What could possibly be scarier than the global spread of a mysterious zombie disease in US thiller Contagion? How about this interactive map, which shows an alarming number of outbreaks for preventable diseases. 

The Council on Foreign Relations’ interactive map, which plots outbreaks of vaccine-preventable diseases like measles, mumps, whooping cough, polio, and rubella from 2008 to the present, has gone viral on social media, thanks to a tweet from the Global Alliance for Vaccines and Immunisation (GAVI) CEO Seth Berkley.

This map does two important things. First, it does something rare in the development space: it uses data visualisation to help people understand the spread and prevalence of an outbreak – not just numbers and figures. Secondly, it shows us how important vaccines are. Nearly all of these cases could have been prevented if people had improved access to vaccines and stronger health systems around them.

It’s even scarier when you break the map apart in the full interactive map here. Here’s the measles map, for example:

Diseases like measles exist in all inhabited continents and kill approximately 122,000 people every year—that’s 14 deaths every hour.  What’s worse? Most of these people are children under five years old.

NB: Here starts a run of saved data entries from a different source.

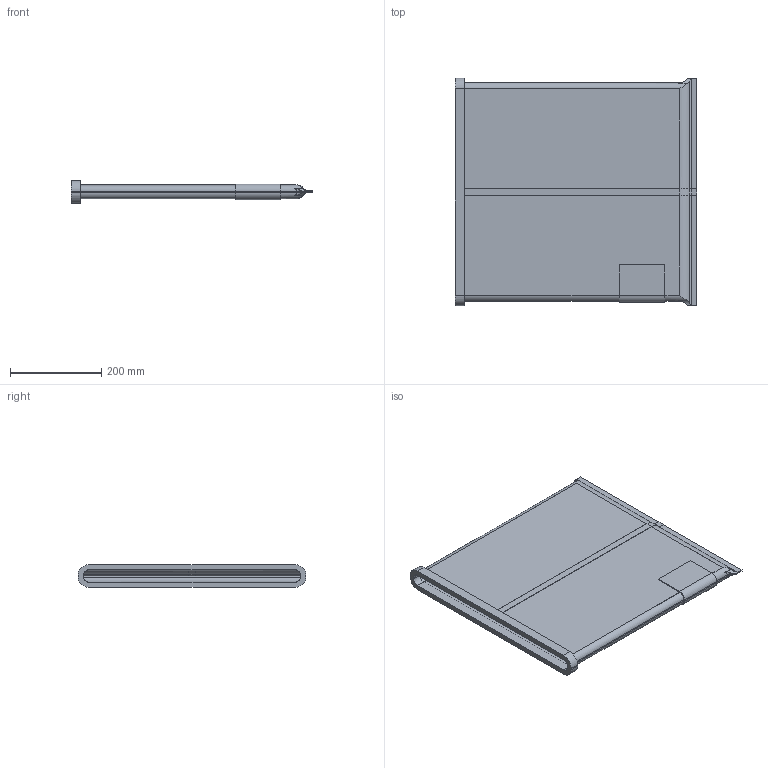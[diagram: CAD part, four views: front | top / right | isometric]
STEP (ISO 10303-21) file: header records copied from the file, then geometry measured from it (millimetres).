
FILE_DESCRIPTION (( 'STEP AP203' ), '1' );
FILE_NAME ('FILTRATION CLOTH 2024.STEP', '2023-12-14T08:40:11', ( '' ), ( '' ), 'SwSTEP 2.0', 'SolidWorks 2022', '' );
FILE_SCHEMA (( 'CONFIG_CONTROL_DESIGN' ));
Length unit declared in the file: millimetre
Products named in the file (1): FILTRATION CLOTH 2024
Bounding box: 530 x 500 x 50 mm (x, y, z)
Volume: 1045359.2 mm3; surface area: 1076105.2 mm2
Topology: 1 solids, 1 shells, 95 faces, 261 edges, 170 vertices
Faces by surface type: plane 45, cylinder 42, bspline 8
Entity records: 3546 total; most frequent: CARTESIAN_POINT 1213, ORIENTED_EDGE 522, DIRECTION 413, EDGE_CURVE 261, VERTEX_POINT 170, LINE 149, VECTOR 149, AXIS2_PLACEMENT_3D 132
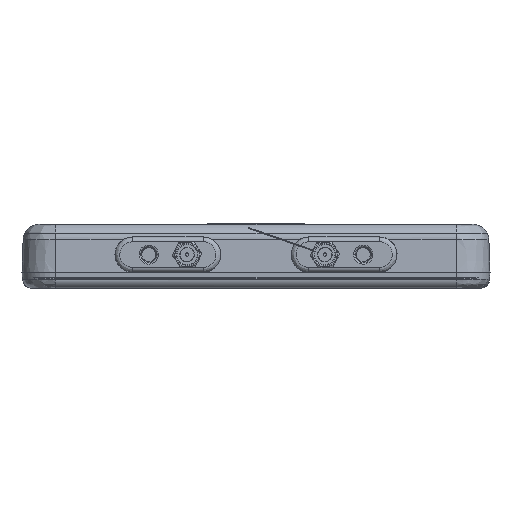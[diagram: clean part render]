
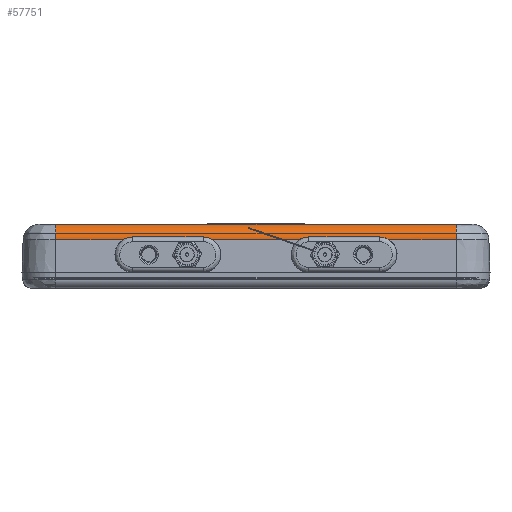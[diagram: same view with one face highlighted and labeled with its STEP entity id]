
A CAD part, front view. The second image highlights one B-rep face of the part: STEP entity #57751.
In plain terms, the highlighted cylindrical face has radius 5 mm (diameter 10 mm), a partial arc.
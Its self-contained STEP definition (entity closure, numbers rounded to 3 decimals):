
#118 = DIRECTION ( 'NONE',  ( 0., 0., 1. ) ) ;
#223 = CARTESIAN_POINT ( 'NONE',  ( 14.017, 10.449, 66.659 ) ) ;
#360 = CARTESIAN_POINT ( 'NONE',  ( -38.5, 11.016, 66.567 ) ) ;
#443 = DIRECTION ( 'NONE',  ( 1., 0., 0. ) ) ;
#522 = CARTESIAN_POINT ( 'NONE',  ( 62.5, 10., 61.672 ) ) ;
#988 = B_SPLINE_CURVE_WITH_KNOTS ( 'NONE', 3,
 ( #7511, #16120, #30425, #21179, #16722, #2601, #49440, #21376 ),
 .UNSPECIFIED., .F., .F.,
 ( 4, 2, 2, 4 ),
 ( 0., 0.002, 0.002, 0.003 ),
 .UNSPECIFIED. ) ;
#1760 = CYLINDRICAL_SURFACE ( 'NONE', #22595, 5. ) ;
#2599 = CIRCLE ( 'NONE', #11643, 5. ) ;
#2601 = CARTESIAN_POINT ( 'NONE',  ( -14.025, 10.433, 66.654 ) ) ;
#3316 = EDGE_CURVE ( 'NONE', #45749, #14716, #50946, .T. ) ;
#4408 = LINE ( 'NONE', #23721, #20465 ) ;
#4766 = CARTESIAN_POINT ( 'NONE',  ( 13.578, 10.174, 66.669 ) ) ;
#4786 = CARTESIAN_POINT ( 'NONE',  ( 0., 10.174, 66.669 ) ) ;
#5272 = CARTESIAN_POINT ( 'NONE',  ( -38.5, 11.016, 66.567 ) ) ;
#5768 = EDGE_CURVE ( 'NONE', #56331, #9486, #4408, .T. ) ;
#6172 = AXIS2_PLACEMENT_3D ( 'NONE', #522, #41697, #118 ) ;
#6222 = CARTESIAN_POINT ( 'NONE',  ( 16.241, 11.016, 66.567 ) ) ;
#6362 = ORIENTED_EDGE ( 'NONE', *, *, #59486, .T. ) ;
#7511 = CARTESIAN_POINT ( 'NONE',  ( -16.5, 11.016, 66.567 ) ) ;
#7812 = DIRECTION ( 'NONE',  ( 0., 0., 1. ) ) ;
#8424 = CARTESIAN_POINT ( 'NONE',  ( 40.975, 10.433, 66.654 ) ) ;
#9486 = VERTEX_POINT ( 'NONE', #57089 ) ;
#9585 = CARTESIAN_POINT ( 'NONE',  ( -39.525, 10.925, 66.585 ) ) ;
#9796 = LINE ( 'NONE', #4786, #27368 ) ;
#10001 = VERTEX_POINT ( 'NONE', #13344 ) ;
#11322 = VERTEX_POINT ( 'NONE', #49718 ) ;
#11578 = ORIENTED_EDGE ( 'NONE', *, *, #38469, .F. ) ;
#11643 = AXIS2_PLACEMENT_3D ( 'NONE', #16416, #17017, #7812 ) ;
#12749 = B_SPLINE_CURVE_WITH_KNOTS ( 'NONE', 3,
 ( #4766, #223, #56111, #52830, #13996, #37687, #6222, #15607 ),
 .UNSPECIFIED., .F., .F.,
 ( 4, 2, 2, 4 ),
 ( 0., 0.002, 0.002, 0.003 ),
 .UNSPECIFIED. ) ;
#13344 = CARTESIAN_POINT ( 'NONE',  ( 62.5, 10.174, 66.669 ) ) ;
#13996 = CARTESIAN_POINT ( 'NONE',  ( 15.475, 10.925, 66.585 ) ) ;
#14067 = EDGE_LOOP ( 'NONE', ( #44127, #54134, #57167, #53359, #11578, #47043, #58058, #57720, #29607, #6362, #50626, #31792 ) ) ;
#14716 = VERTEX_POINT ( 'NONE', #28579 ) ;
#15607 = CARTESIAN_POINT ( 'NONE',  ( 16.5, 11.016, 66.567 ) ) ;
#16120 = CARTESIAN_POINT ( 'NONE',  ( -15.982, 11.016, 66.567 ) ) ;
#16356 = VECTOR ( 'NONE', #19315, 1000. ) ;
#16416 = CARTESIAN_POINT ( 'NONE',  ( -62.5, 10., 61.672 ) ) ;
#16428 = EDGE_CURVE ( 'NONE', #26282, #11322, #52786, .T. ) ;
#16722 = CARTESIAN_POINT ( 'NONE',  ( -14.494, 10.642, 66.631 ) ) ;
#17017 = DIRECTION ( 'NONE',  ( -1., 0., 0. ) ) ;
#17038 = CARTESIAN_POINT ( 'NONE',  ( 41.202, 10.312, 66.664 ) ) ;
#17050 = DIRECTION ( 'NONE',  ( 1., 0., 0. ) ) ;
#18708 = VECTOR ( 'NONE', #60064, 1000. ) ;
#18793 = VERTEX_POINT ( 'NONE', #59513 ) ;
#18989 = CARTESIAN_POINT ( 'NONE',  ( -39.015, 10.998, 66.571 ) ) ;
#19315 = DIRECTION ( 'NONE',  ( 1., 0., 0. ) ) ;
#19818 = CARTESIAN_POINT ( 'NONE',  ( 0., 15., 61.672 ) ) ;
#20465 = VECTOR ( 'NONE', #32726, 1000. ) ;
#21179 = CARTESIAN_POINT ( 'NONE',  ( -14.738, 10.731, 66.618 ) ) ;
#21376 = CARTESIAN_POINT ( 'NONE',  ( -13.578, 10.174, 66.669 ) ) ;
#22504 = CARTESIAN_POINT ( 'NONE',  ( 41.422, 10.174, 66.669 ) ) ;
#22595 = AXIS2_PLACEMENT_3D ( 'NONE', #45083, #17050, #49781 ) ;
#23721 = CARTESIAN_POINT ( 'NONE',  ( 0., 11.016, 66.567 ) ) ;
#23896 = EDGE_CURVE ( 'NONE', #52485, #56331, #12749, .T. ) ;
#24477 = CARTESIAN_POINT ( 'NONE',  ( -38.759, 11.016, 66.567 ) ) ;
#25765 = B_SPLINE_CURVE_WITH_KNOTS ( 'NONE', 3,
 ( #42940, #29237, #33488, #43149, #9585, #18989, #24477, #360 ),
 .UNSPECIFIED., .F., .F.,
 ( 4, 2, 2, 4 ),
 ( 0., 0.002, 0.002, 0.003 ),
 .UNSPECIFIED. ) ;
#26282 = VERTEX_POINT ( 'NONE', #5272 ) ;
#26767 = CARTESIAN_POINT ( 'NONE',  ( 0., 10.174, 66.669 ) ) ;
#27054 = CARTESIAN_POINT ( 'NONE',  ( 40.506, 10.642, 66.631 ) ) ;
#27368 = VECTOR ( 'NONE', #443, 1000. ) ;
#28579 = CARTESIAN_POINT ( 'NONE',  ( 62.5, 15., 61.672 ) ) ;
#29237 = CARTESIAN_POINT ( 'NONE',  ( -40.983, 10.449, 66.659 ) ) ;
#29256 = CARTESIAN_POINT ( 'NONE',  ( 0., 11.016, 66.567 ) ) ;
#29607 = ORIENTED_EDGE ( 'NONE', *, *, #31728, .T. ) ;
#29721 = LINE ( 'NONE', #26767, #18708 ) ;
#29835 = EDGE_CURVE ( 'NONE', #9486, #56687, #55499, .T. ) ;
#30425 = CARTESIAN_POINT ( 'NONE',  ( -15.477, 10.944, 66.584 ) ) ;
#31374 = CARTESIAN_POINT ( 'NONE',  ( -62.5, 15., 61.672 ) ) ;
#31728 = EDGE_CURVE ( 'NONE', #11322, #45517, #988, .T. ) ;
#31792 = ORIENTED_EDGE ( 'NONE', *, *, #5768, .T. ) ;
#31918 = CARTESIAN_POINT ( 'NONE',  ( 39.018, 11.016, 66.567 ) ) ;
#32396 = CIRCLE ( 'NONE', #6172, 5. ) ;
#32726 = DIRECTION ( 'NONE',  ( 1., 0., 0. ) ) ;
#33422 = CARTESIAN_POINT ( 'NONE',  ( 0., 10.174, 66.669 ) ) ;
#33488 = CARTESIAN_POINT ( 'NONE',  ( -40.518, 10.657, 66.63 ) ) ;
#33839 = EDGE_CURVE ( 'NONE', #46578, #26282, #25765, .T. ) ;
#34508 = CARTESIAN_POINT ( 'NONE',  ( 41.422, 10.174, 66.669 ) ) ;
#34623 = EDGE_CURVE ( 'NONE', #56687, #10001, #9796, .T. ) ;
#37687 = CARTESIAN_POINT ( 'NONE',  ( 15.985, 10.998, 66.571 ) ) ;
#38189 = EDGE_CURVE ( 'NONE', #18793, #46578, #29721, .T. ) ;
#38469 = EDGE_CURVE ( 'NONE', #18793, #45749, #2599, .T. ) ;
#39178 = EDGE_CURVE ( 'NONE', #14716, #10001, #32396, .T. ) ;
#40014 = VECTOR ( 'NONE', #52368, 1000. ) ;
#40365 = CARTESIAN_POINT ( 'NONE',  ( 40.262, 10.731, 66.618 ) ) ;
#40380 = VECTOR ( 'NONE', #57065, 1000. ) ;
#41697 = DIRECTION ( 'NONE',  ( 1., 0., 0. ) ) ;
#41938 = LINE ( 'NONE', #33422, #16356 ) ;
#42940 = CARTESIAN_POINT ( 'NONE',  ( -41.422, 10.174, 66.669 ) ) ;
#43149 = CARTESIAN_POINT ( 'NONE',  ( -39.779, 10.871, 66.596 ) ) ;
#44127 = ORIENTED_EDGE ( 'NONE', *, *, #29835, .T. ) ;
#45083 = CARTESIAN_POINT ( 'NONE',  ( 0., 10., 61.672 ) ) ;
#45517 = VERTEX_POINT ( 'NONE', #48603 ) ;
#45749 = VERTEX_POINT ( 'NONE', #31374 ) ;
#46578 = VERTEX_POINT ( 'NONE', #49892 ) ;
#47043 = ORIENTED_EDGE ( 'NONE', *, *, #38189, .T. ) ;
#48603 = CARTESIAN_POINT ( 'NONE',  ( -13.578, 10.174, 66.669 ) ) ;
#48621 = FACE_OUTER_BOUND ( 'NONE', #14067, .T. ) ;
#49440 = CARTESIAN_POINT ( 'NONE',  ( -13.798, 10.312, 66.664 ) ) ;
#49718 = CARTESIAN_POINT ( 'NONE',  ( -16.5, 11.016, 66.567 ) ) ;
#49781 = DIRECTION ( 'NONE',  ( 0., 0., -1. ) ) ;
#49892 = CARTESIAN_POINT ( 'NONE',  ( -41.422, 10.174, 66.669 ) ) ;
#50626 = ORIENTED_EDGE ( 'NONE', *, *, #23896, .T. ) ;
#50946 = LINE ( 'NONE', #19818, #40014 ) ;
#51301 = CARTESIAN_POINT ( 'NONE',  ( 13.578, 10.174, 66.669 ) ) ;
#51919 = CARTESIAN_POINT ( 'NONE',  ( 16.5, 11.016, 66.567 ) ) ;
#52368 = DIRECTION ( 'NONE',  ( 1., 0., 0. ) ) ;
#52485 = VERTEX_POINT ( 'NONE', #51301 ) ;
#52786 = LINE ( 'NONE', #29256, #40380 ) ;
#52830 = CARTESIAN_POINT ( 'NONE',  ( 15.221, 10.871, 66.596 ) ) ;
#53359 = ORIENTED_EDGE ( 'NONE', *, *, #3316, .F. ) ;
#54134 = ORIENTED_EDGE ( 'NONE', *, *, #34623, .T. ) ;
#55074 = CARTESIAN_POINT ( 'NONE',  ( 39.523, 10.944, 66.584 ) ) ;
#55499 = B_SPLINE_CURVE_WITH_KNOTS ( 'NONE', 3,
 ( #59550, #31918, #55074, #40365, #27054, #8424, #17038, #22504 ),
 .UNSPECIFIED., .F., .F.,
 ( 4, 2, 2, 4 ),
 ( 0., 0.002, 0.002, 0.003 ),
 .UNSPECIFIED. ) ;
#56111 = CARTESIAN_POINT ( 'NONE',  ( 14.482, 10.657, 66.63 ) ) ;
#56331 = VERTEX_POINT ( 'NONE', #51919 ) ;
#56687 = VERTEX_POINT ( 'NONE', #34508 ) ;
#57065 = DIRECTION ( 'NONE',  ( 1., 0., 0. ) ) ;
#57089 = CARTESIAN_POINT ( 'NONE',  ( 38.5, 11.016, 66.567 ) ) ;
#57167 = ORIENTED_EDGE ( 'NONE', *, *, #39178, .F. ) ;
#57720 = ORIENTED_EDGE ( 'NONE', *, *, #16428, .T. ) ;
#57751 = ADVANCED_FACE ( 'NONE', ( #48621 ), #1760, .T. ) ;
#58058 = ORIENTED_EDGE ( 'NONE', *, *, #33839, .T. ) ;
#59486 = EDGE_CURVE ( 'NONE', #45517, #52485, #41938, .T. ) ;
#59513 = CARTESIAN_POINT ( 'NONE',  ( -62.5, 10.174, 66.669 ) ) ;
#59550 = CARTESIAN_POINT ( 'NONE',  ( 38.5, 11.016, 66.567 ) ) ;
#60064 = DIRECTION ( 'NONE',  ( 1., 0., 0. ) ) ;

Here’s the map for whooping cough

Pertussis, otherwise known as whooping cough, also targets small children. The World Heath Organisation (WHO) estimates some 195 000 patients died from this disease in 2008.

This map shows the prevalence of polio 

While initiatives by the WHO have reduced poliomyelitis by 99%, polio still affects the most vulnerable. 95% of outbreaks in developing countries affect children under five years old.

As our friends at GAVI say, #vaccineswork. GAVI is set to achieve it’s target to immunise 243 million children by 2015. 

Unlike “Contagion”, where no vaccine exists, we can put an end to these ugly diseases because we have inexpensive vaccines to do so.

Which map surprised you the most?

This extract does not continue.